Mrs Chimezie said that IWA also established a primary school in Lagos with the mission to exclusively teach the Igbo, cultures and tradition.

She, however, regretted that the initiative was being threatened by the lack of teachers to teach Igbo. 

She said that as part of its advocacy initiatives, IWA planned to hold an elaborate celebration of this year’s United Nations Mother Tongue Day on February 24 in Owerri

She said they planned to use the event to appeal to Houses of Assembly in the South-East, churches, traditional rulers, Igbo groups and socio-cultural organisations to make laws and bylaws to enforce the mandatory speaking of the Igbo in schools and public events.

Mrs Chimezie listed the mission of IWA to include ensuring the sustainability and propagation of Igbo and cultural values across generations.

“Our mission is also to restore the glory of the Igbo woman through economic empowerment, promotion of Igbo education and reviving the rich Igbo culture,” she said.

She also said that the assembly planned to establish Igbo training centres in the 36 states of the federation and in the Diaspora.

She said, “It is also our mission to revive and reform our native laws and customs through defining the roles of wives in the home. We shall protect the women’s right to own property and control their earnings, encouraging intra-marriage among Igbo people and reviving the custom of collective child training.”

Mrs Chimezie further said that the group intended to promote agriculture as an important component of its mission statement through cooperatives, mechanised farming and provision of equipment to enhance productivity.

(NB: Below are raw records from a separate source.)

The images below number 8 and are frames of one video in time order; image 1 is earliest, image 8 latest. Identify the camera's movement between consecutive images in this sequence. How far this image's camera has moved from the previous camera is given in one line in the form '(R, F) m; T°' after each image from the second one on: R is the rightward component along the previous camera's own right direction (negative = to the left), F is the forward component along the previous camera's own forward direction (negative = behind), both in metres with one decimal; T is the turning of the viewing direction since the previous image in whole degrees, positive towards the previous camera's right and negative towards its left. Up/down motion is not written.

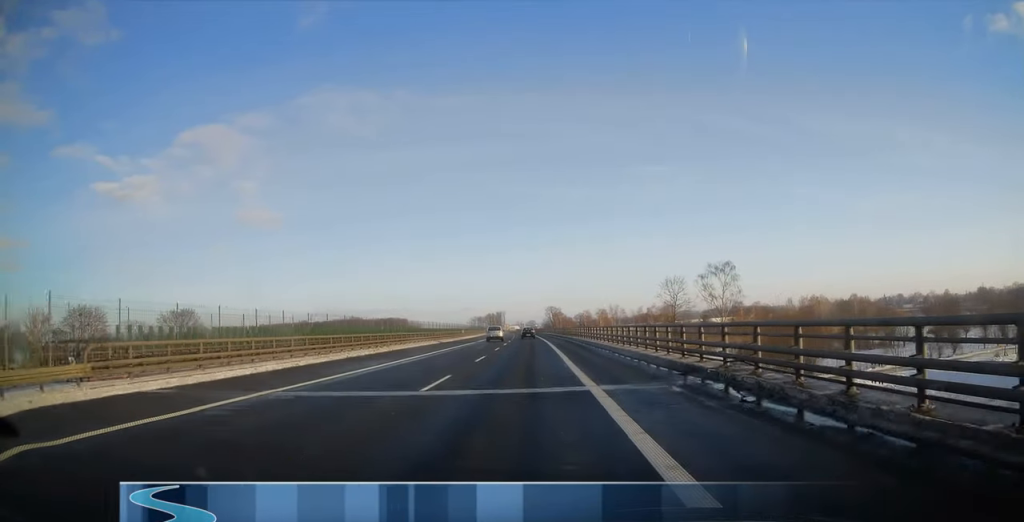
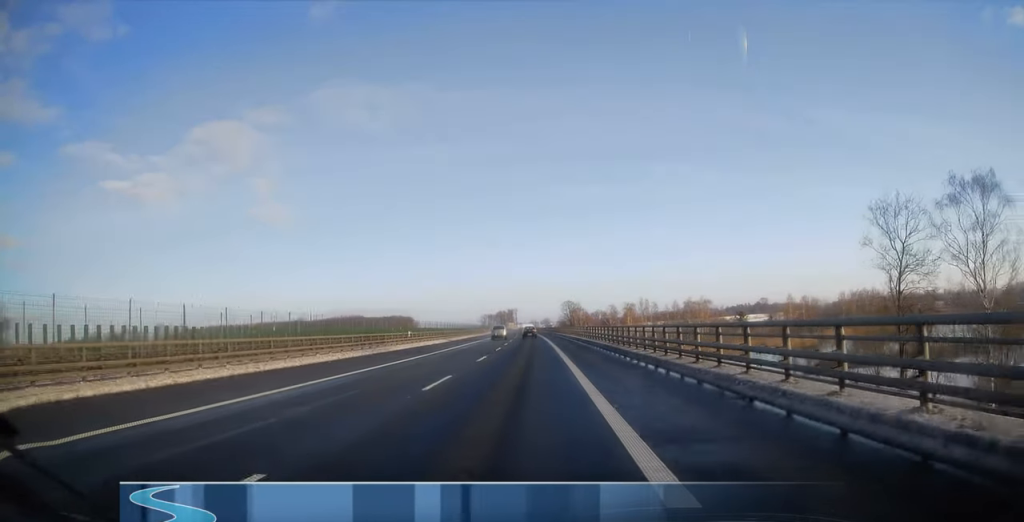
(0.0, +47.8) m; 0°
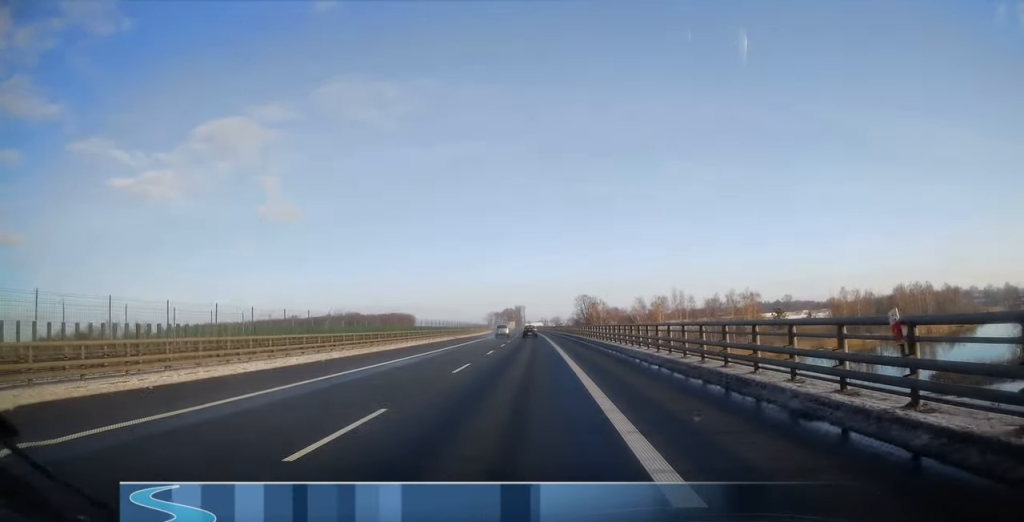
(0.0, +43.3) m; 0°
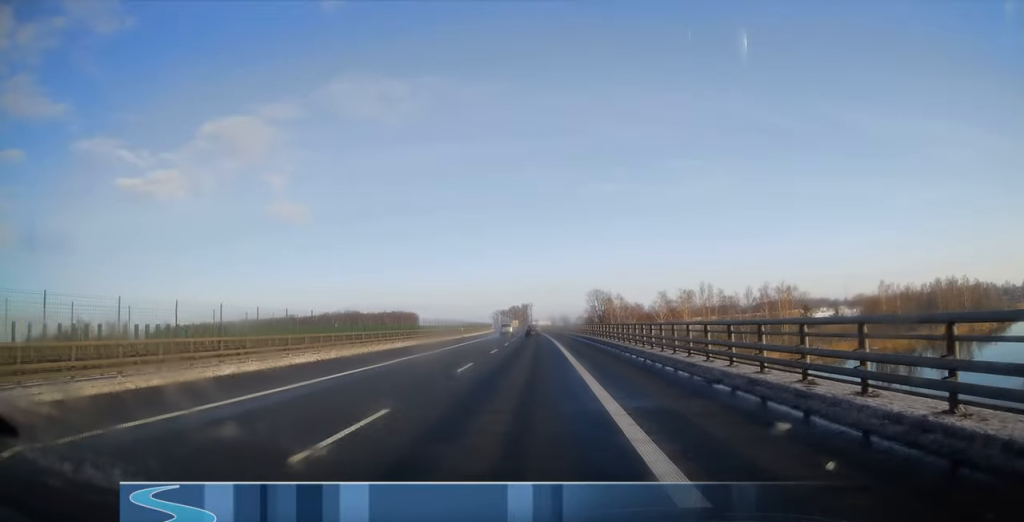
(0.0, +23.9) m; -1°
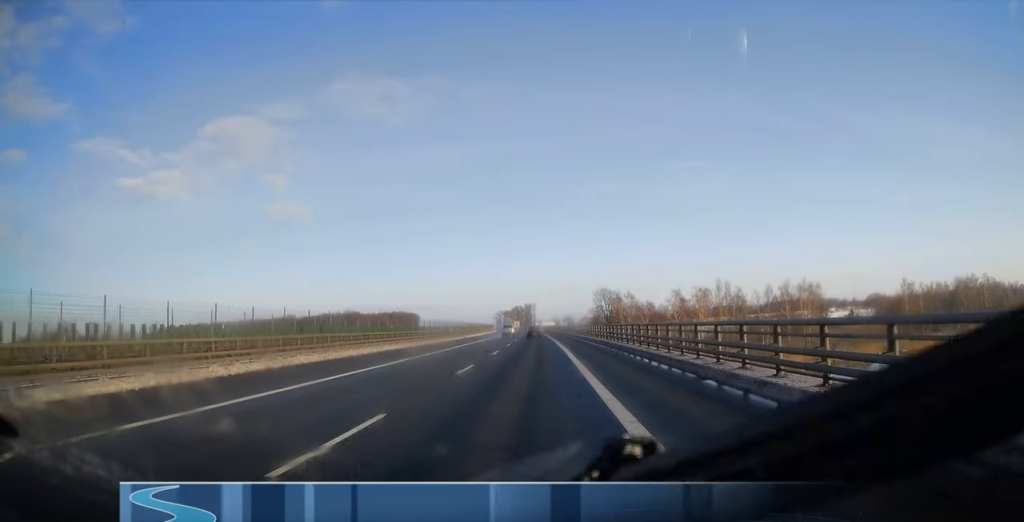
(0.0, +12.6) m; -1°
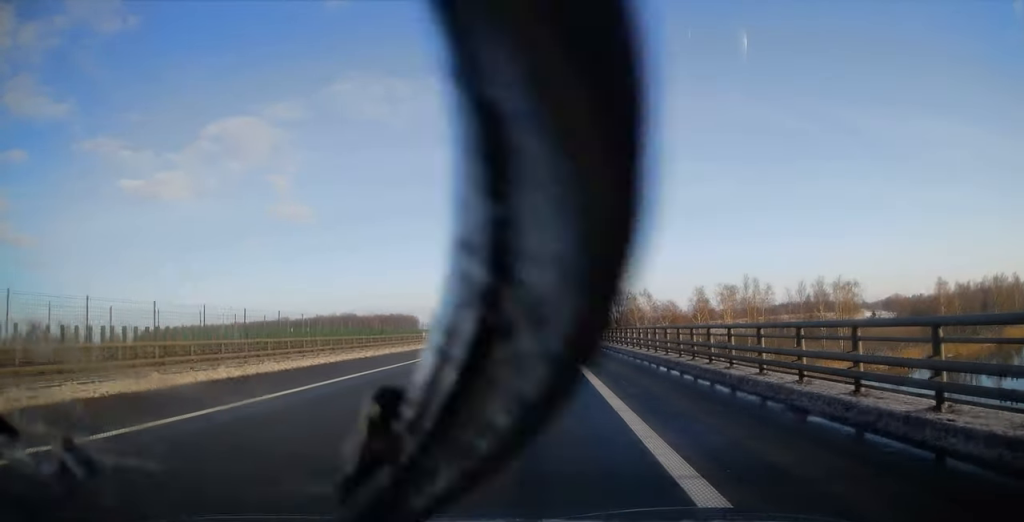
(-0.2, +18.9) m; -1°
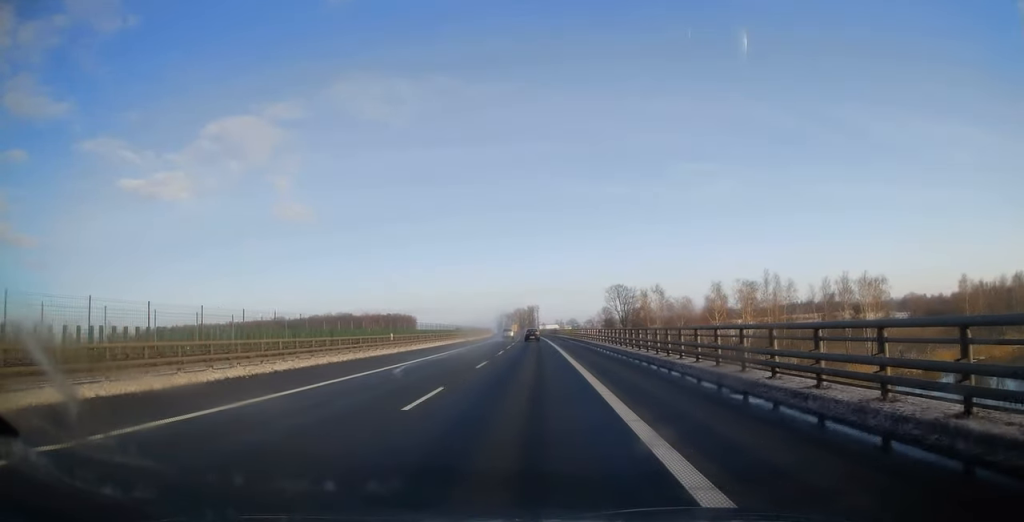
(-0.1, +12.1) m; 0°
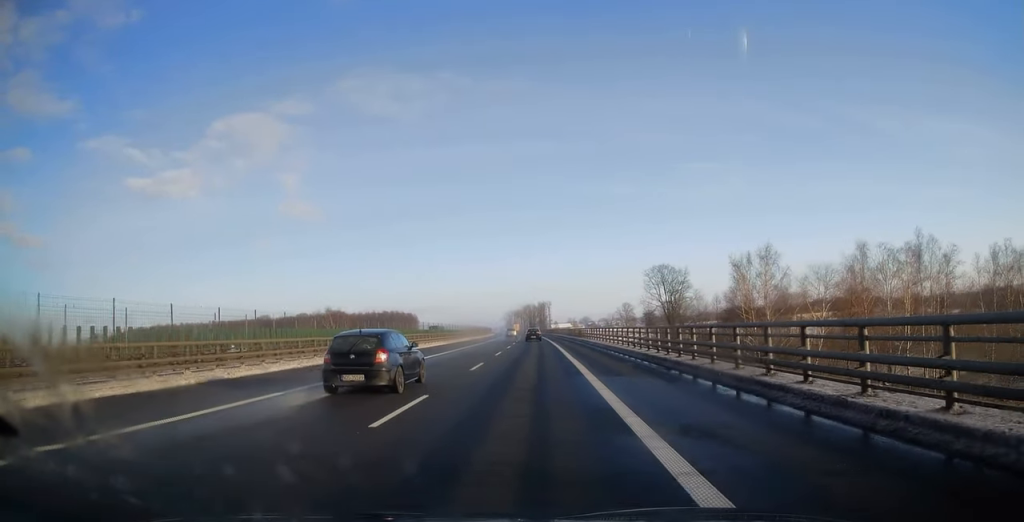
(-0.1, +49.3) m; 0°

She said that already, the group had started organising workshops for women on the processing of raw agricultural produce, including rice, cassava and palm oil, amongst others, into finished goods.

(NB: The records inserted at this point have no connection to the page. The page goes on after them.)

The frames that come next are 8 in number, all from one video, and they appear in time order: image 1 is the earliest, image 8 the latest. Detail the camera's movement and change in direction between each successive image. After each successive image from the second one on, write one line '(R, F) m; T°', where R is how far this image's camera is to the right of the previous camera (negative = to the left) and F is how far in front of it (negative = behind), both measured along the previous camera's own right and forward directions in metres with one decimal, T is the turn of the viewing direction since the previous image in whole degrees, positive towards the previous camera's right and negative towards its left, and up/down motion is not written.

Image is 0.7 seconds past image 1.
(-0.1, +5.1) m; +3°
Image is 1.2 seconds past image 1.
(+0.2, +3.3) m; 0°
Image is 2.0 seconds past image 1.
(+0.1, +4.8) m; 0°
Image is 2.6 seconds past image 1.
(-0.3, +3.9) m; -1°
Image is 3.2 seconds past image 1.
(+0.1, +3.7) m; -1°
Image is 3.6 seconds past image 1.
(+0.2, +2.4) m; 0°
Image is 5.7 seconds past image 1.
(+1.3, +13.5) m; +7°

“We also want to join the men to develop industries in the South-East by creating an enabling environment, where our people can invest in a venture and it will thrive. We plan to encourage our businessmen and women, who are into importation, to go into production and site processing industries in the zone to take our teeming unemployed youths out of the streets.

“When we have industries in the South-East that create employment, our people will stop migrating to other parts of the world.

Stopping the mass exodus from here will help to grow our youth population, which is essential for the economic development of the zone,” she said.

Mrs Chimezie, who was flanked at the briefing by officials of the group in Abia, said that IWA was formed by its national leader, Mrs Maria Okwo in 2008 and later merged with her own “Onye mara nwanneya” (know thy brother – IWA slogan), in 2020.

She said that the assembly had affiliated to Ohanaeze Ndigbo Worldwide, led by Chief Emmanuel Iwuanyanwu as President-General.